| AIM OF THE EXERCISE |
All that is wanted is the exact text of each line from the one with "main class: Woodland" to the close of the listing, ends included.

| DATA RECORDS |

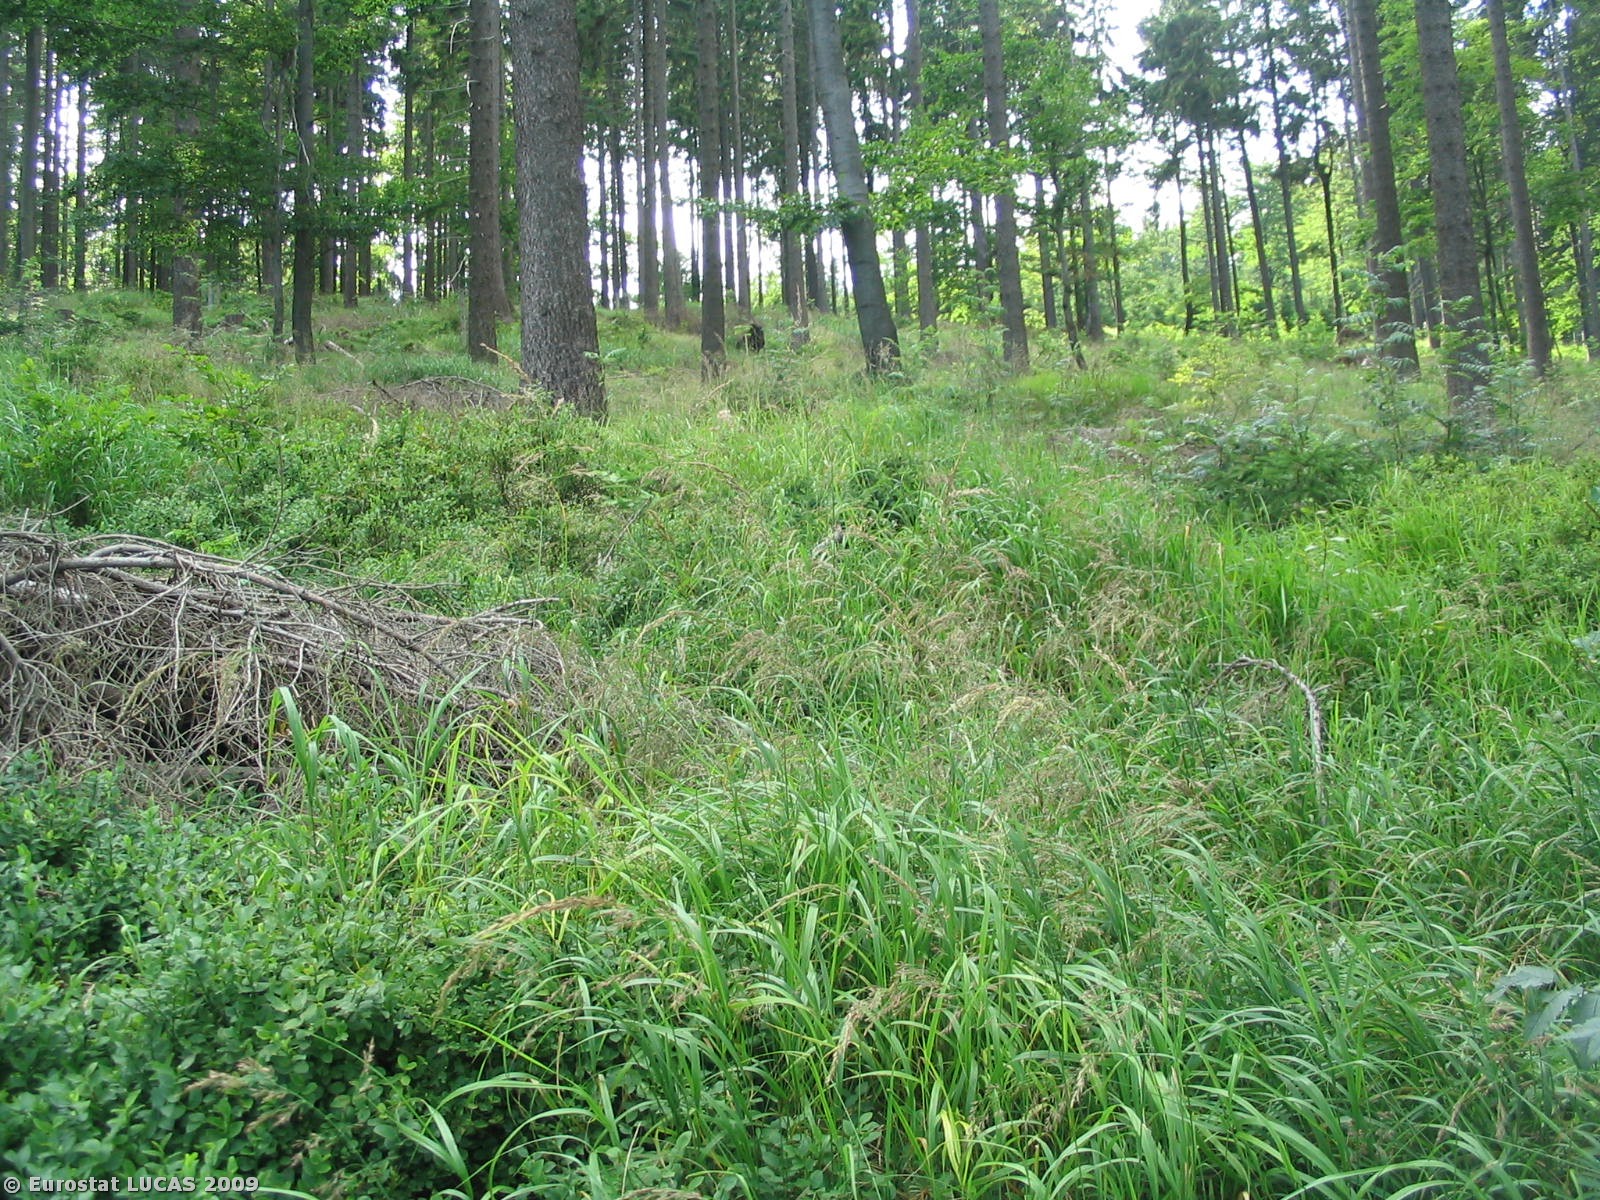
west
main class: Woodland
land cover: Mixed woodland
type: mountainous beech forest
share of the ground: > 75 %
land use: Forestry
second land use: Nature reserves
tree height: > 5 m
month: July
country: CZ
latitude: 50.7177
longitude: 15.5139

| RESULT FOR THIS EXERCISE |
main class: Woodland
land cover: Mixed woodland
type: mountainous beech forest
share of the ground: > 75 %
land use: Forestry
second land use: Nature reserves
tree height: > 5 m
month: July
country: CZ
latitude: 50.7177
longitude: 15.5139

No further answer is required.